# Aim of the exercise
Reprint the lines below as they are, minus the pictures.
+++ Task data
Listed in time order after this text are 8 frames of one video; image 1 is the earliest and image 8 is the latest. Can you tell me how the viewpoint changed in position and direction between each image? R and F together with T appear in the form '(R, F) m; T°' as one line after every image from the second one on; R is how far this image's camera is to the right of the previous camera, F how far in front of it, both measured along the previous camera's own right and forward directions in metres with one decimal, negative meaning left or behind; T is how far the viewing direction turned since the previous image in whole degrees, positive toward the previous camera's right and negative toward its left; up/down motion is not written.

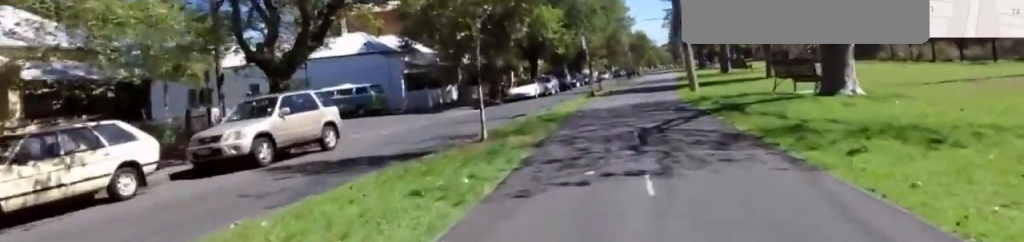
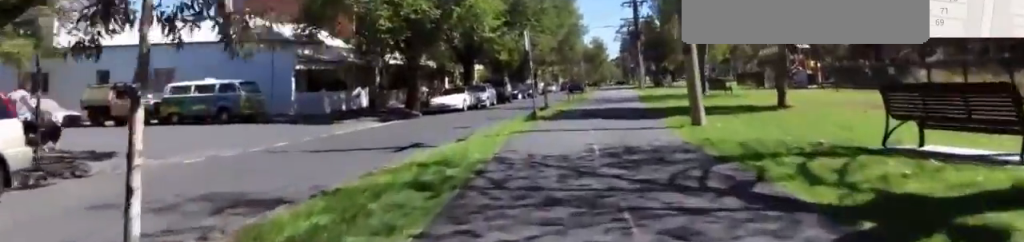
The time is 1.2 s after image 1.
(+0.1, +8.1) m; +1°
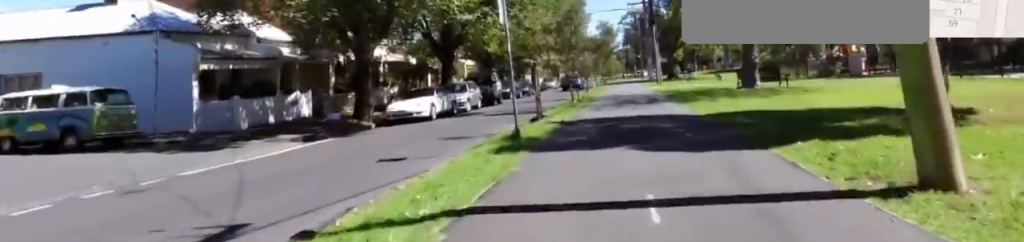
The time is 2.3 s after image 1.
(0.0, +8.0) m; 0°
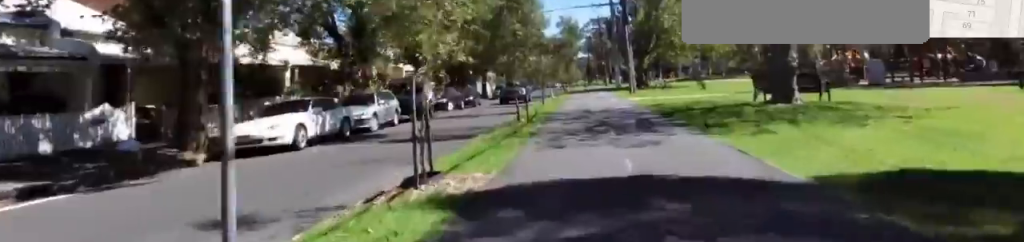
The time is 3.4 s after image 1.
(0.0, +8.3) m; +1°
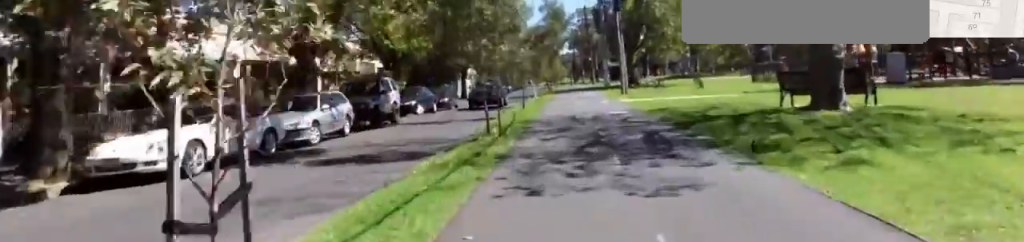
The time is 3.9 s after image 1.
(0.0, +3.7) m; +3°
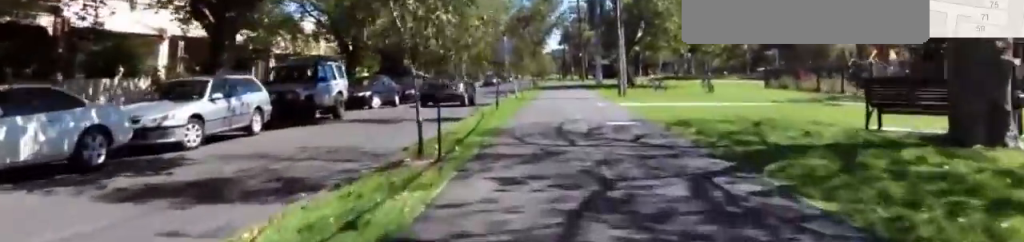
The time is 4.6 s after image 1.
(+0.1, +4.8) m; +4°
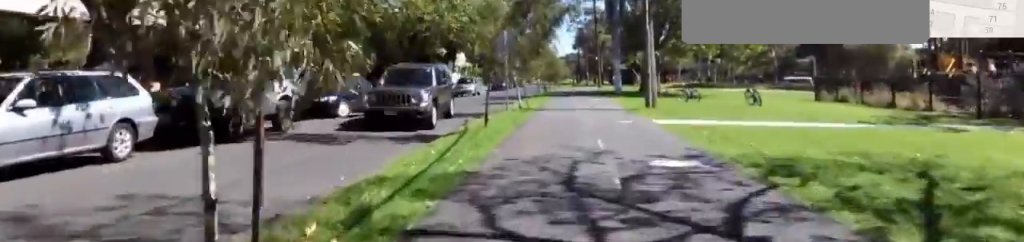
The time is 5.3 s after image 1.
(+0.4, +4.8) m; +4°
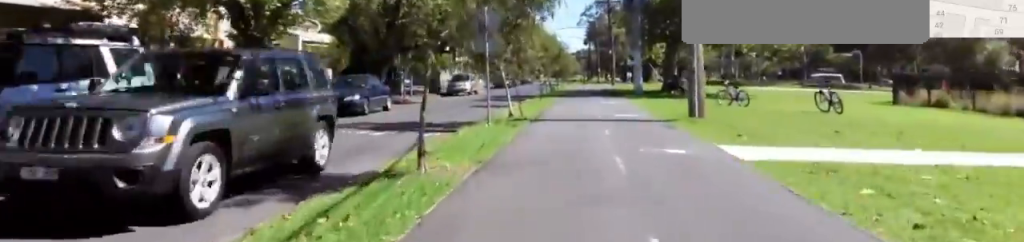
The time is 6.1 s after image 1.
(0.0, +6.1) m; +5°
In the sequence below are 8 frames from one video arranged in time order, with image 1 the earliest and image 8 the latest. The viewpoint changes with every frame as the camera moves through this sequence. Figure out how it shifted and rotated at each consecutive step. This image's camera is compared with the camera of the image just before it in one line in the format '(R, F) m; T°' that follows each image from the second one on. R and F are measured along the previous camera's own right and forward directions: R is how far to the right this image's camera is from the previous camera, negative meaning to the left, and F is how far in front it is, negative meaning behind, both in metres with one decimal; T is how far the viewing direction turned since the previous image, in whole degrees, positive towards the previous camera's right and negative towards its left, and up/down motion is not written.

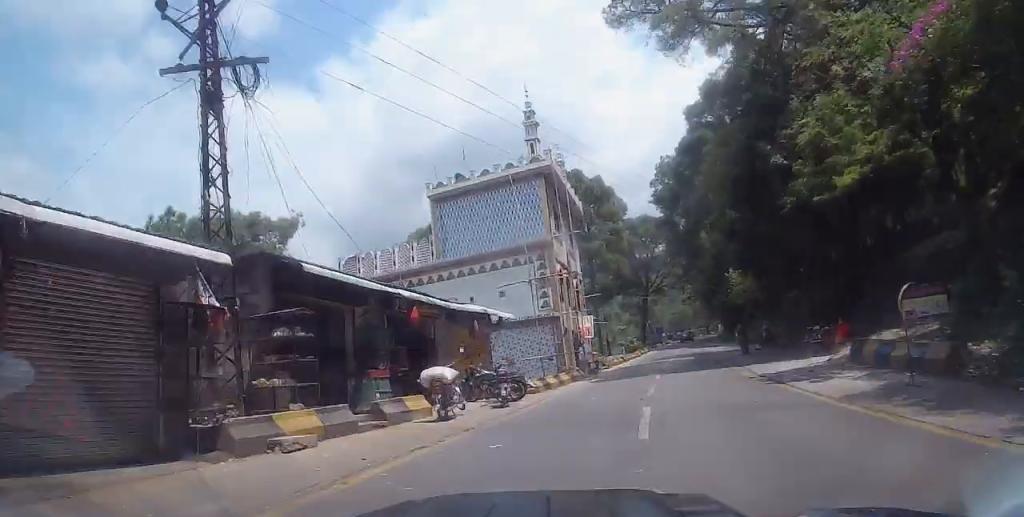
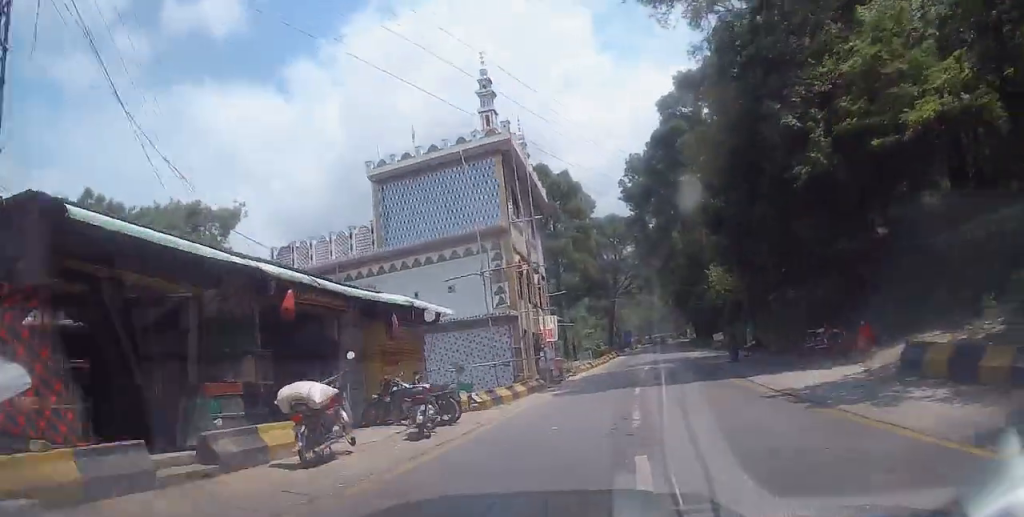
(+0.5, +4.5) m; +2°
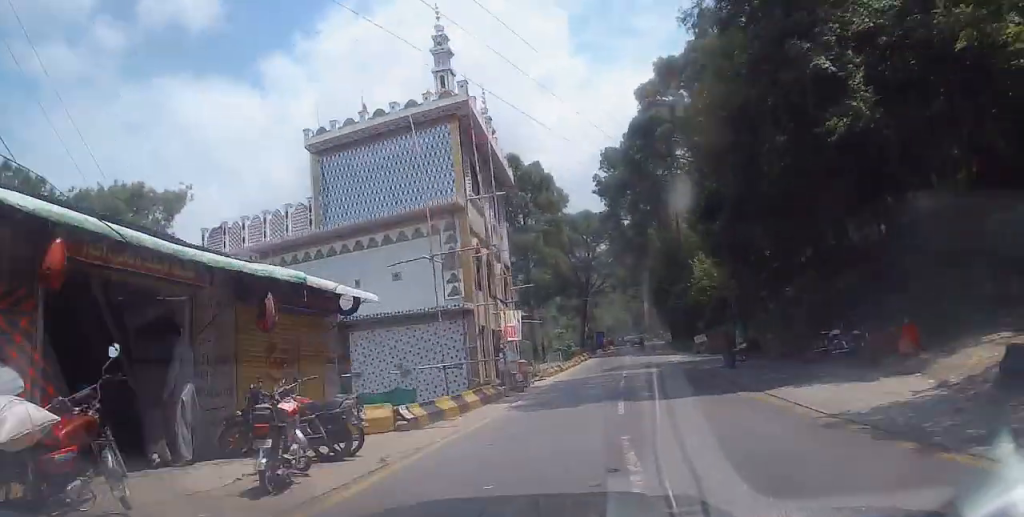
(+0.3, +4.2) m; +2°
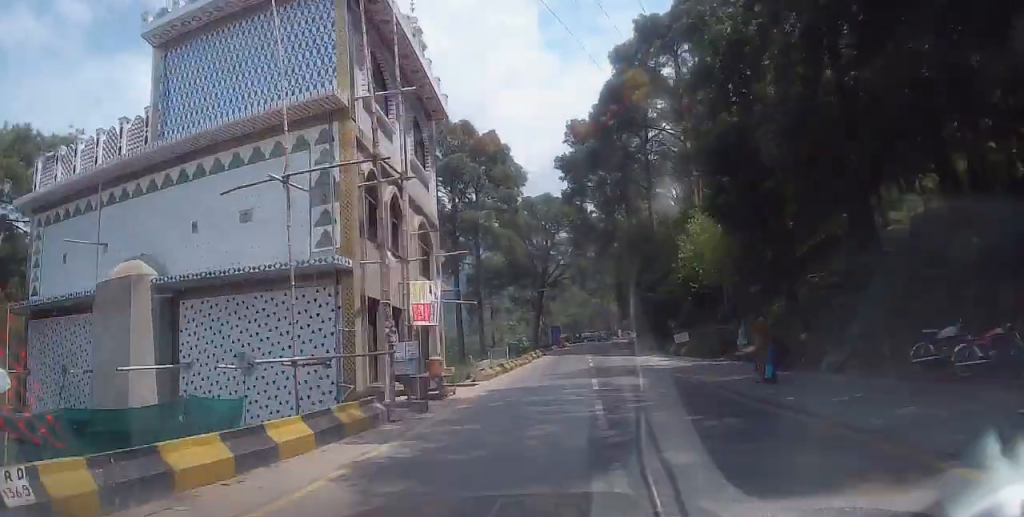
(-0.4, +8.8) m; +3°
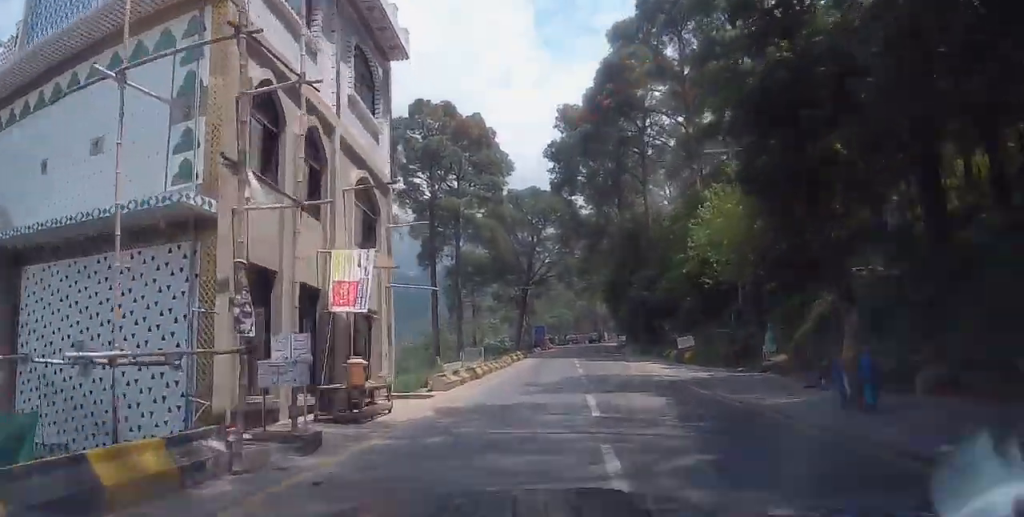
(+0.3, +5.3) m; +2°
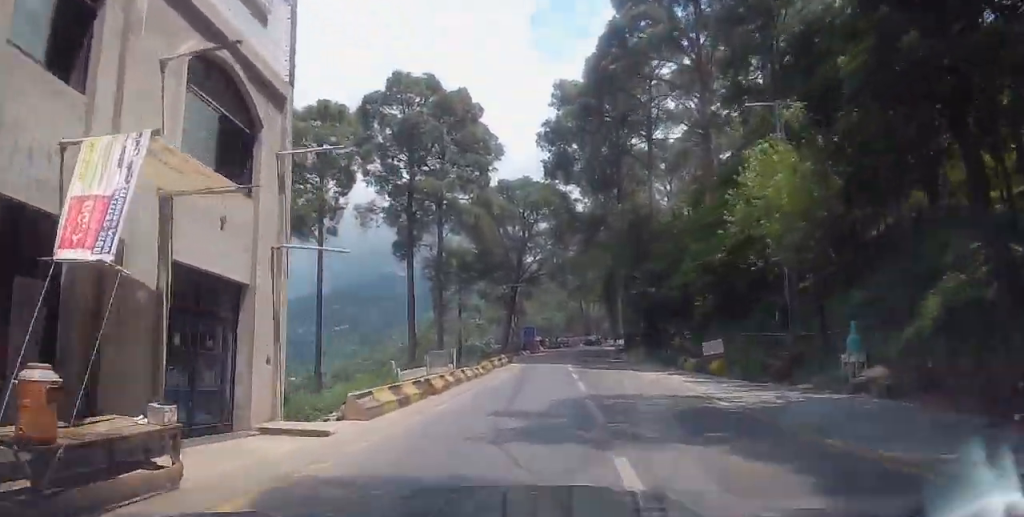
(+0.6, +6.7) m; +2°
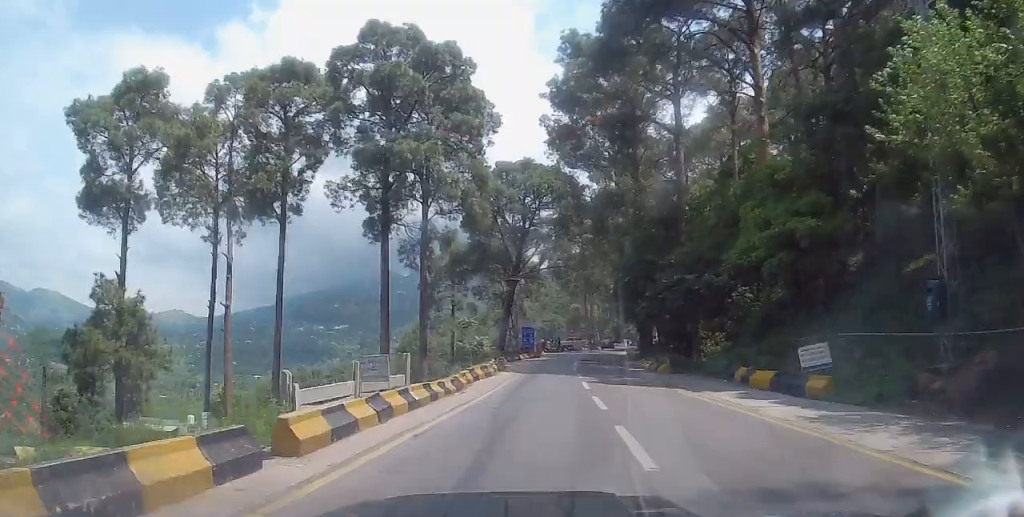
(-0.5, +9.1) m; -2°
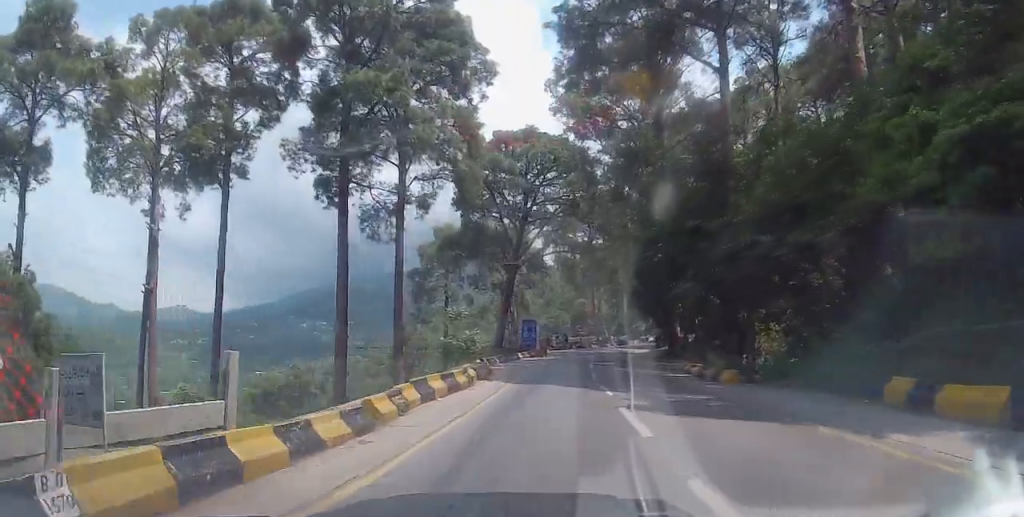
++++++
# Solution below
Listed in time order after this text are 8 frames of one video; image 1 is the earliest and image 8 is the latest. Can you tell me how the viewpoint changed in position and direction between each image? R and F together with T appear in the form '(R, F) m; T°' as one line after every image from the second one on; R is how far this image's camera is to the right of the previous camera, F how far in front of it, both measured along the previous camera's own right and forward directions in metres with one decimal, negative meaning left or behind; T is how far the viewing direction turned since the previous image in whole degrees, positive toward the previous camera's right and negative toward its left; up/down motion is not written.

The time is 1.2 s after image 1.
(+0.1, +8.1) m; +1°
The time is 2.3 s after image 1.
(0.0, +8.0) m; 0°
The time is 3.4 s after image 1.
(0.0, +8.3) m; +1°
The time is 3.9 s after image 1.
(0.0, +3.7) m; +3°
The time is 4.6 s after image 1.
(+0.1, +4.8) m; +4°
The time is 5.3 s after image 1.
(+0.4, +4.8) m; +4°
The time is 6.1 s after image 1.
(0.0, +6.1) m; +5°
In the sequence below are 8 frames from one video arranged in time order, with image 1 the earliest and image 8 the latest. The viewpoint changes with every frame as the camera moves through this sequence. Figure out how it shifted and rotated at each consecutive step. This image's camera is compared with the camera of the image just before it in one line in the format '(R, F) m; T°' that follows each image from the second one on. R and F are measured along the previous camera's own right and forward directions: R is how far to the right this image's camera is from the previous camera, negative meaning to the left, and F is how far in front it is, negative meaning behind, both in metres with one decimal; T is how far the viewing direction turned since the previous image, in whole degrees, positive towards the previous camera's right and negative towards its left, and up/down motion is not written.

(+0.5, +4.5) m; +2°
(+0.3, +4.2) m; +2°
(-0.4, +8.8) m; +3°
(+0.3, +5.3) m; +2°
(+0.6, +6.7) m; +2°
(-0.5, +9.1) m; -2°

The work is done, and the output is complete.